Nishan-e-Pakistan follows the traditional function of monuments as a self-aggrandizing vessel for a sanitized national memory that affirms the righteousness of the nation’s birth. Its wall of heroes commemorates the martyrdom of eleven army officers. Each official’s portrait is carved out as a life-sized bas-relief sculpture, accompanied by a didactic plaque. These are placed alongside a sculpture of Pakistan’s founding father Mohammad Ali Jinnah, linking the heroic efforts of the army to protect Pakistan to the very birth of Pakistan.
Iftikhar Dadi in his analysis of popular culture, explains that the frequent inclusion of Jinnah in political posters for instance creates “a hegemonic popular spectacle of continuity… a spectacular establishment-driven narrative, which papers over otherwise blatant historical and ideological disjunctures.” It is perhaps for the same sake of spectacle that Nishan-e-Pakistan is located at sea view beach, the most popular tourist spot of the city.
This commemorative wall carefully anchors collective memory in specific moments of history. It materializes a selective chronology of Pakistan’s military wars with India: the first Indo-Pakistan war of 1948, skirmishes of 1958, the Indo-Pakistan war of 1965 and 71, and the Kargil conflict of 1999. The successive sculptures tell a story of battles, bravery and patriotism.Inconvenient truths are swept aside. The bloodshed, decimation and displacement that accompanied the many wars, the irreversible ruination of people’s lives and landscape, are erased from the national narrative of remembrance. Instead we are presented with eleven worthy lives, which recall the martyrdom of all those military men who gave their lives in the struggle for national existence. The monument enables a rearrangement of national memory to produce a cleaner, more comfortable national identity.

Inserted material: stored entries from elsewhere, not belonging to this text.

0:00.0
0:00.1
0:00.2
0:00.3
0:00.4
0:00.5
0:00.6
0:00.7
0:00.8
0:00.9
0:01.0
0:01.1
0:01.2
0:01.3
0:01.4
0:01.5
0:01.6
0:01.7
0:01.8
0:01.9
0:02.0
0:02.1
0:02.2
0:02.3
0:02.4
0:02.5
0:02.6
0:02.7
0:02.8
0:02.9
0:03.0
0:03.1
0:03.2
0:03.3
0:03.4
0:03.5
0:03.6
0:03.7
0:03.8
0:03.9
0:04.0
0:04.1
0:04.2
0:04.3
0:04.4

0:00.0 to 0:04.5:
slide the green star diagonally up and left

While majority of the martyrs on display are from Punjab, representatives of Azad Jammu and Kashmir, KPK and Gilgit-Baltistan are included as examples of good patriotic citizenry even in regions of conflict. This ethnic mix serves as a visual reminder of national unity and cohesion, underlining its publicized function as a “national solidarity monument.”
The monument’s constructed timeline of past wars helps to legitimise the army’s looming role in nation-building. While the monument makes no direct reference to the immediate present, the adverts publicising Zarb-e-Azb on the road outside, tie this past history with the continued success and action of the army. Read together, this site evokes a genealogy of military prowess and sacrifice, where claims from earlier decades mix with the present-day need for continued paternal protection from the army.

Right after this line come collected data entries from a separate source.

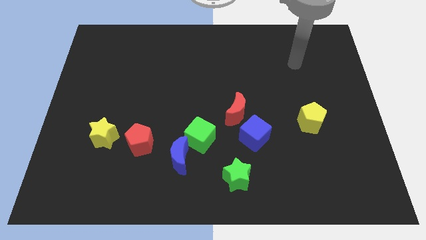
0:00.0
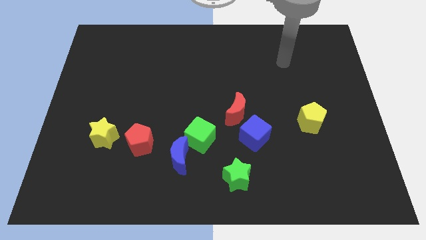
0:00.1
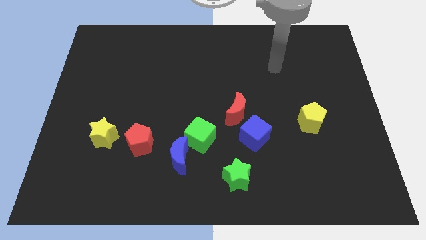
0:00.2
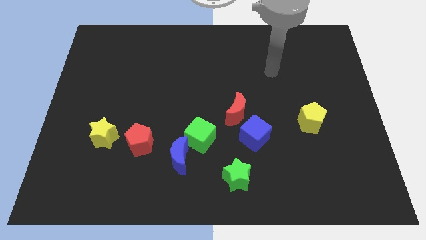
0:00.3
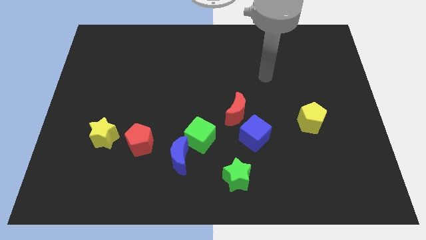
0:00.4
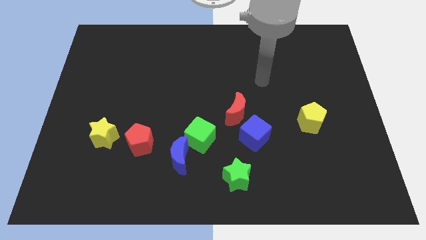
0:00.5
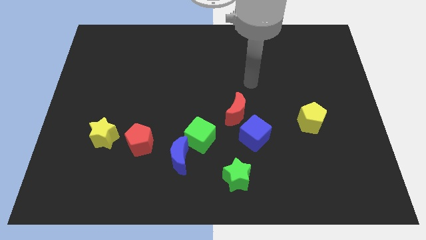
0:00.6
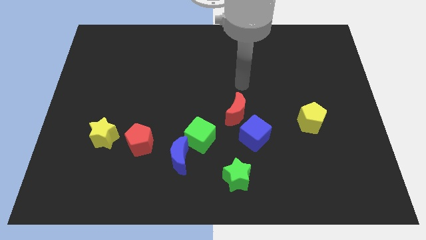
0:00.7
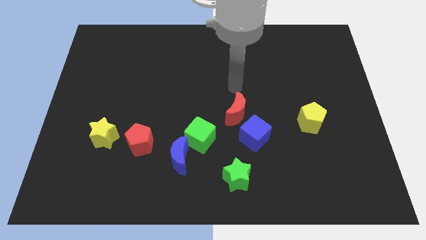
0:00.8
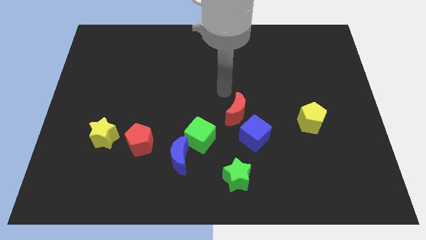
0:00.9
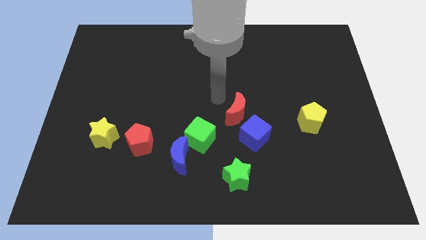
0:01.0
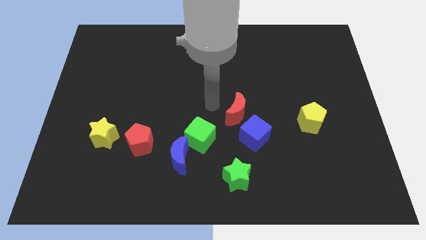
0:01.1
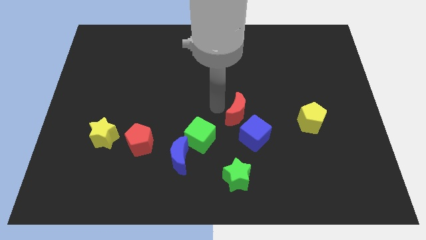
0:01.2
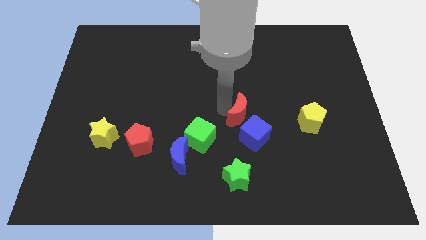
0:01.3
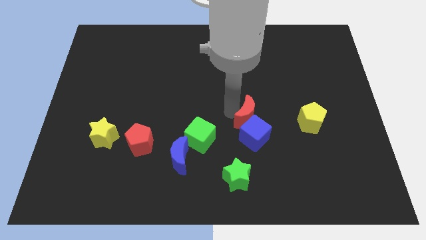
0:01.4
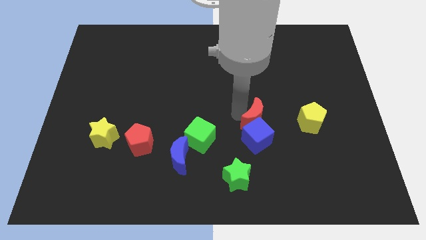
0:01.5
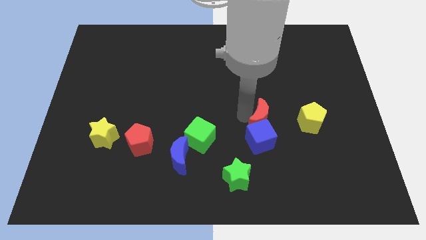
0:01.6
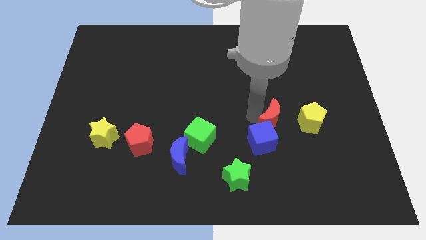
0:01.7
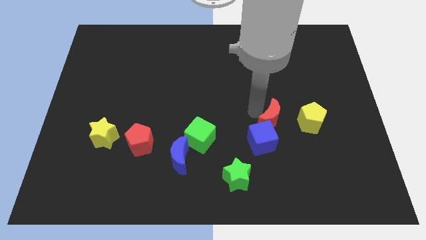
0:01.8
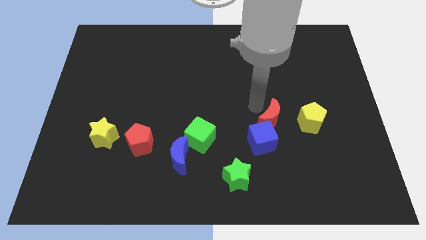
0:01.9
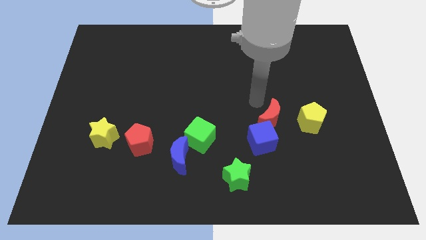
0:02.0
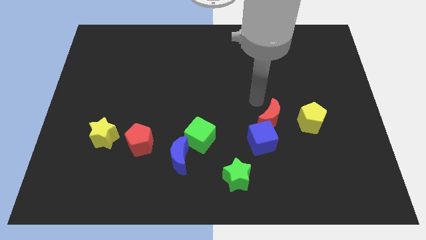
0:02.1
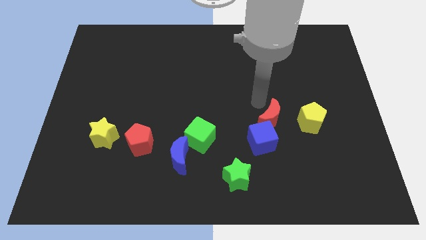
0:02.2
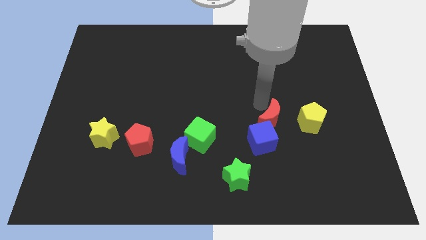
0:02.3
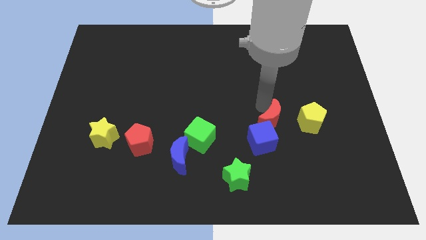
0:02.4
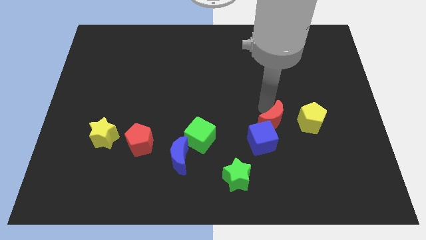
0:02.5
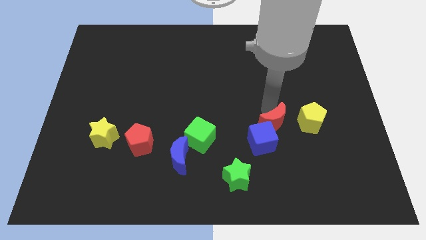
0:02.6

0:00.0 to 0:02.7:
slide the red moon a little downwards and right diagonally

In a statement from September 2014, General Sharif while talking about the army’s success in flushing out militants from North Waziristan, added:
On September 6, 1965, the Pak Army had defeated the enemy and had won the war to establish peace in the country. At that time, too, the entire nation was behind the army and the same is case today when the army is engaged in the operation against militants.
This recourse to history, evident in Sharif’s speech and the monument, produces a harmonious, uninterrupted unity with the past. Remembrance and commemoration becomes a process not of simple retrieval but of a reconfiguration that colonizes the past. As Young suggests “monuments may not remember events so much as bury them altogether beneath layers of national myths and explanations.”Nishan-e-Pakistan is a case in point.